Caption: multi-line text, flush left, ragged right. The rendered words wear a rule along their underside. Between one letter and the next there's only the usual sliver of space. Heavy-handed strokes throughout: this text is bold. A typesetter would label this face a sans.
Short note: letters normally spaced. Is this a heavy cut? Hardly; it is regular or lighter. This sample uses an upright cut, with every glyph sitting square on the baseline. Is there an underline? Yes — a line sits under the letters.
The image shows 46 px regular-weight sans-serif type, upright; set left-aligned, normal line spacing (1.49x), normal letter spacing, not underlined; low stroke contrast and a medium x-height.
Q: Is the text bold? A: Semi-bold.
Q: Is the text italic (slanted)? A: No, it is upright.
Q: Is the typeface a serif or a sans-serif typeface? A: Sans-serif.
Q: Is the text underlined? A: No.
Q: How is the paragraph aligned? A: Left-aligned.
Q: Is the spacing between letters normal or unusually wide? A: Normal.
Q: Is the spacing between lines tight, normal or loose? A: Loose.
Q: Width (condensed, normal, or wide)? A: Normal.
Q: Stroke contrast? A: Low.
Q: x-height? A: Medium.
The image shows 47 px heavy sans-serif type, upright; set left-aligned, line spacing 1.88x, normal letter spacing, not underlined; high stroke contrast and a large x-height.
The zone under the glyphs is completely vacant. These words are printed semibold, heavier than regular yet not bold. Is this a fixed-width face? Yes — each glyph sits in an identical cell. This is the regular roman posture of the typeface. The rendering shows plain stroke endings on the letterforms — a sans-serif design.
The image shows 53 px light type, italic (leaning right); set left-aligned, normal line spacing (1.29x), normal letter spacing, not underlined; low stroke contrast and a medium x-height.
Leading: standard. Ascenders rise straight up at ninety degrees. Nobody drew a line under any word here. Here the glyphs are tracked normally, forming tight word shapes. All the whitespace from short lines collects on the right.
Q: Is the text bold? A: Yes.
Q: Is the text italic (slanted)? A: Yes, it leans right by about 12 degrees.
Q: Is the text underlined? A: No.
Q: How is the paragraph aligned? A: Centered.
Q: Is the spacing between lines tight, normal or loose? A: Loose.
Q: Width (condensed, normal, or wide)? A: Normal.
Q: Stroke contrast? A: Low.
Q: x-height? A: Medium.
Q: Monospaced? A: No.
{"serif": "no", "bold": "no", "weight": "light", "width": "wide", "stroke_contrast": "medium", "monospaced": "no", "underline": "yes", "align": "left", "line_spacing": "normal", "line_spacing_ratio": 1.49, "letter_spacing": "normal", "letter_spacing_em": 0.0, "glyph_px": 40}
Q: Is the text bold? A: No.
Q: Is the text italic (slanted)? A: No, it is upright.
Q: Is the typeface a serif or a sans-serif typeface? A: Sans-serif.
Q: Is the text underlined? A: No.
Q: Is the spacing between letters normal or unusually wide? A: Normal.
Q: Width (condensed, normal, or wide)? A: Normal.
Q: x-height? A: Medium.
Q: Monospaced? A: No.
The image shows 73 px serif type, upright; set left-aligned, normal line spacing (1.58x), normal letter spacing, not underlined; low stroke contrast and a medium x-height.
──────────────────────────────
- _The task_
Across the listing above, find all lines where the word "sits" is present and copy them.

- _Task answer_
Short note: letters normally spaced. Is this a heavy cut? Hardly; it is regular or lighter. This sample uses an upright cut, with every glyph sitting square on the baseline. Is there an underline? Yes — a line sits under the letters.
The zone under the glyphs is completely vacant. These words are printed semibold, heavier than regular yet not bold. Is this a fixed-width face? Yes — each glyph sits in an identical cell. This is the regular roman posture of the typeface. The rendering shows plain stroke endings on the letterforms — a sans-serif design.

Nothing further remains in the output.